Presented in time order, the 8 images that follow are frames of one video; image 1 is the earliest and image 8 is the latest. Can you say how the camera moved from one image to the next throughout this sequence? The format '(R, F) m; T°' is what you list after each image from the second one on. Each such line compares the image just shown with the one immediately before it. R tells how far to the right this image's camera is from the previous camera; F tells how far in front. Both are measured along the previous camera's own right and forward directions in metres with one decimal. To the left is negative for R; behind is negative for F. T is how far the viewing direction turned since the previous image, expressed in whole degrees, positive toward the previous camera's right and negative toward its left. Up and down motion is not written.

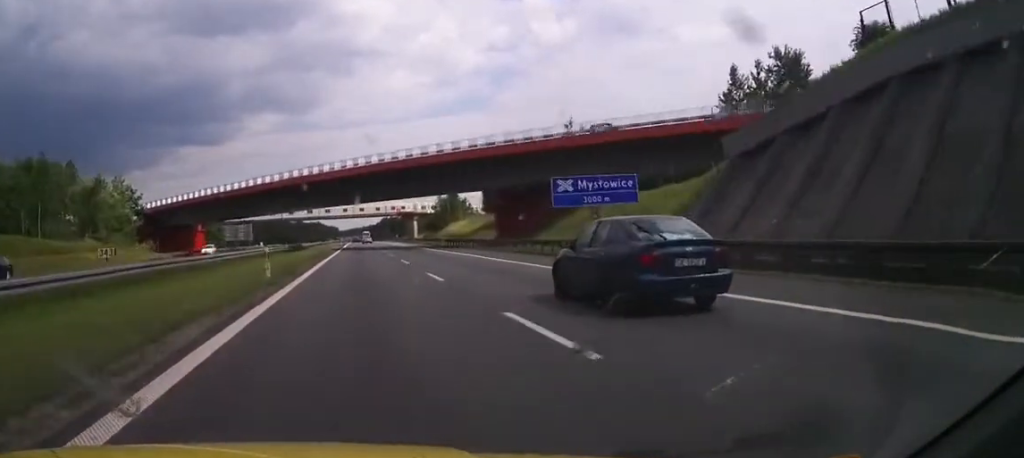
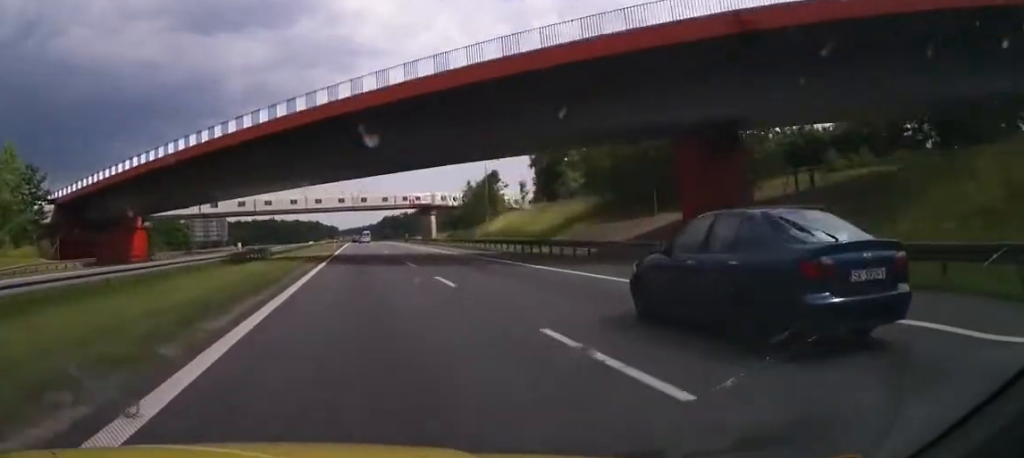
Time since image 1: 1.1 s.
(+0.6, +37.4) m; +1°
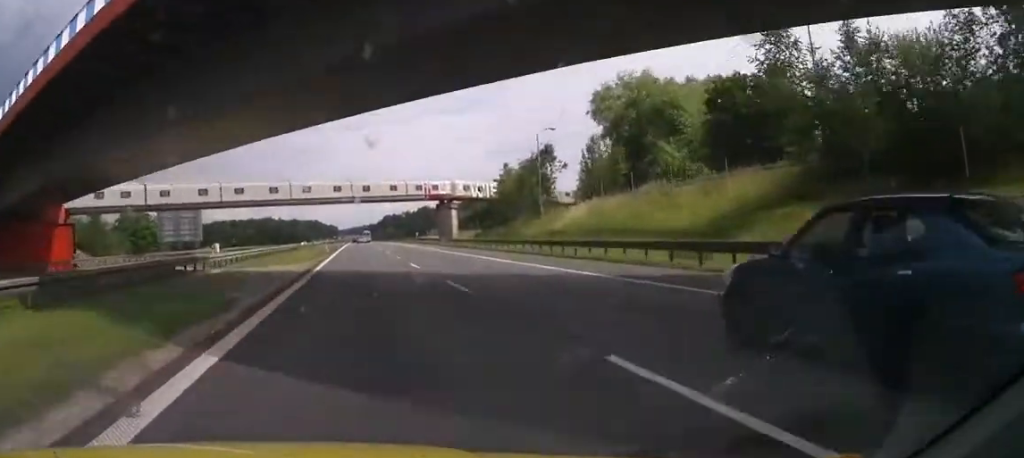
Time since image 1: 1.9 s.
(+0.1, +26.0) m; 0°
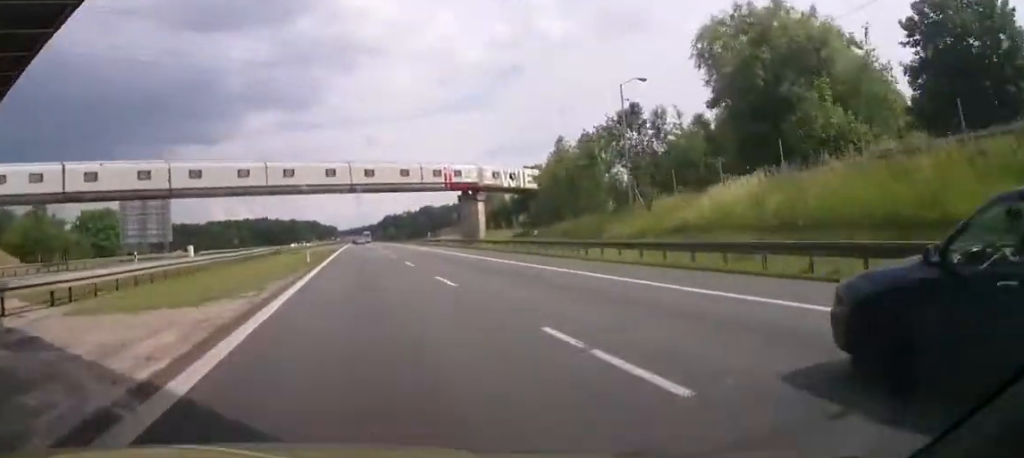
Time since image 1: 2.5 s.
(0.0, +21.4) m; -1°
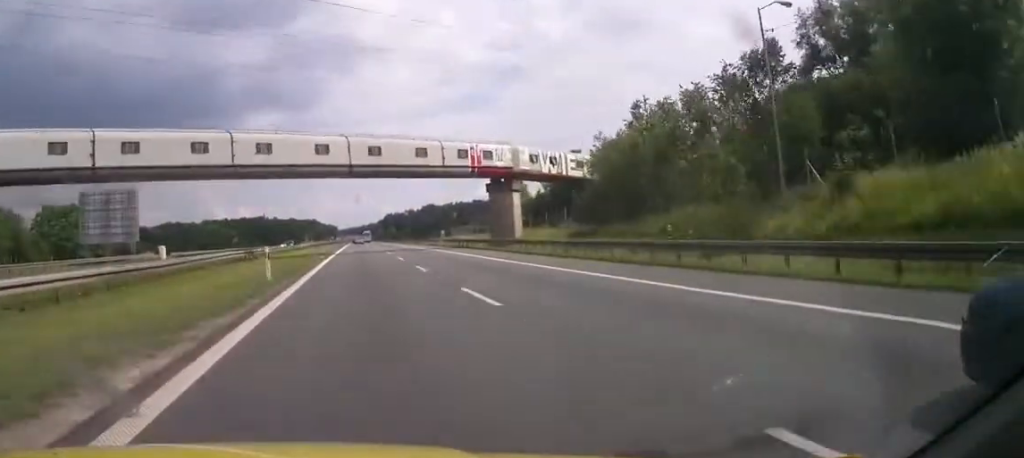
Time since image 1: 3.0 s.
(-0.3, +17.0) m; -1°
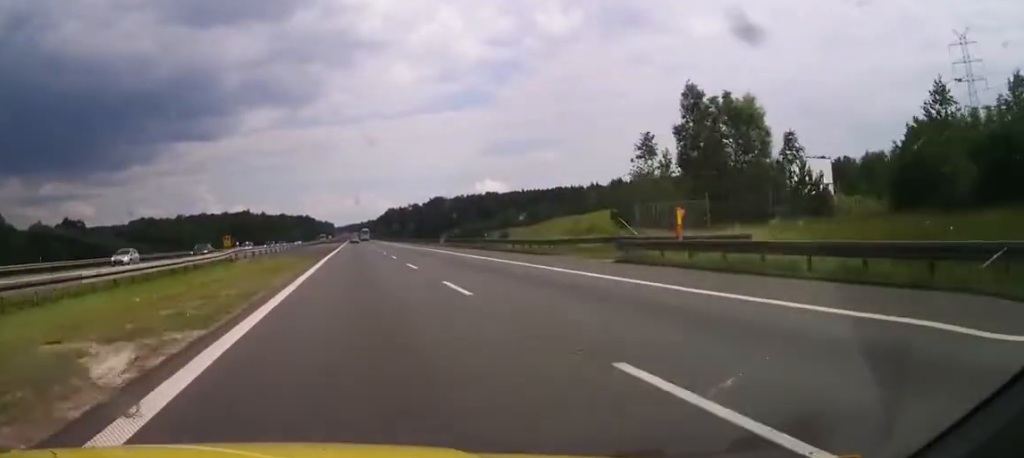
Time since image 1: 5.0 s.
(-0.6, +69.1) m; 0°
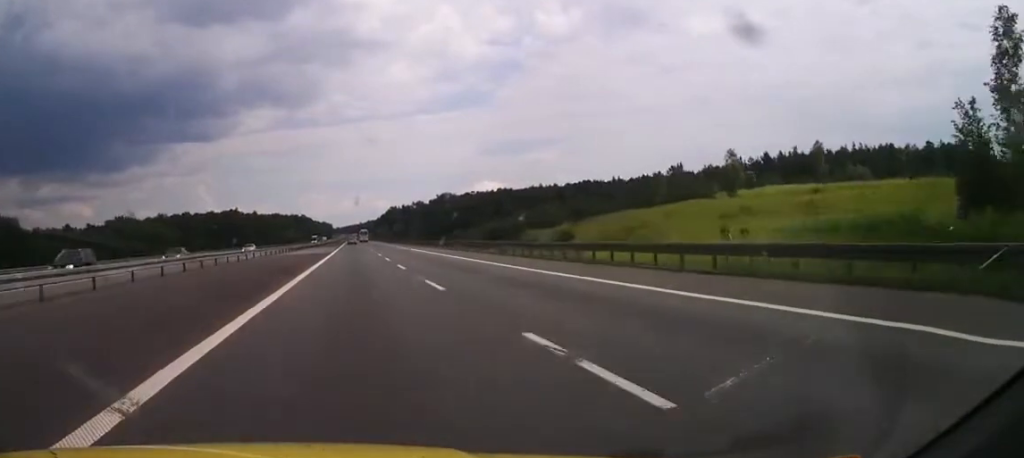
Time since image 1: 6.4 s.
(+0.2, +45.4) m; +1°
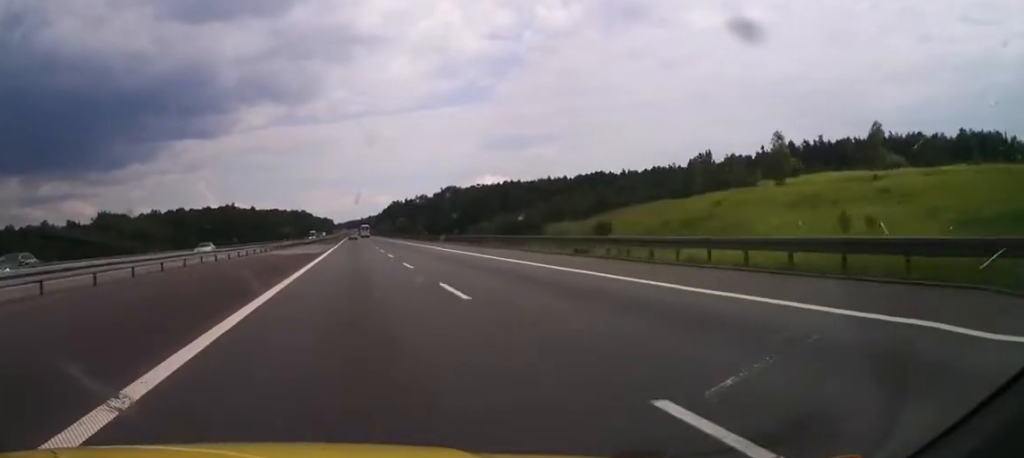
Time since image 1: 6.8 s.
(+0.1, +15.8) m; 0°

------------------------------

# What you should do
All of the entries above need to be transcribed exactly, except for the pictures.

# Response
Presented in time order, the 8 images that follow are frames of one video; image 1 is the earliest and image 8 is the latest. Can you say how the camera moved from one image to the next throughout this sequence? The format '(R, F) m; T°' is what you list after each image from the second one on. Each such line compares the image just shown with the one immediately before it. R tells how far to the right this image's camera is from the previous camera; F tells how far in front. Both are measured along the previous camera's own right and forward directions in metres with one decimal. To the left is negative for R; behind is negative for F. T is how far the viewing direction turned since the previous image, expressed in whole degrees, positive toward the previous camera's right and negative toward its left. Up and down motion is not written.

Time since image 1: 1.1 s.
(+0.6, +37.4) m; +1°
Time since image 1: 1.9 s.
(+0.1, +26.0) m; 0°
Time since image 1: 2.5 s.
(0.0, +21.4) m; -1°
Time since image 1: 3.0 s.
(-0.3, +17.0) m; -1°
Time since image 1: 5.0 s.
(-0.6, +69.1) m; 0°
Time since image 1: 6.4 s.
(+0.2, +45.4) m; +1°
Time since image 1: 6.8 s.
(+0.1, +15.8) m; 0°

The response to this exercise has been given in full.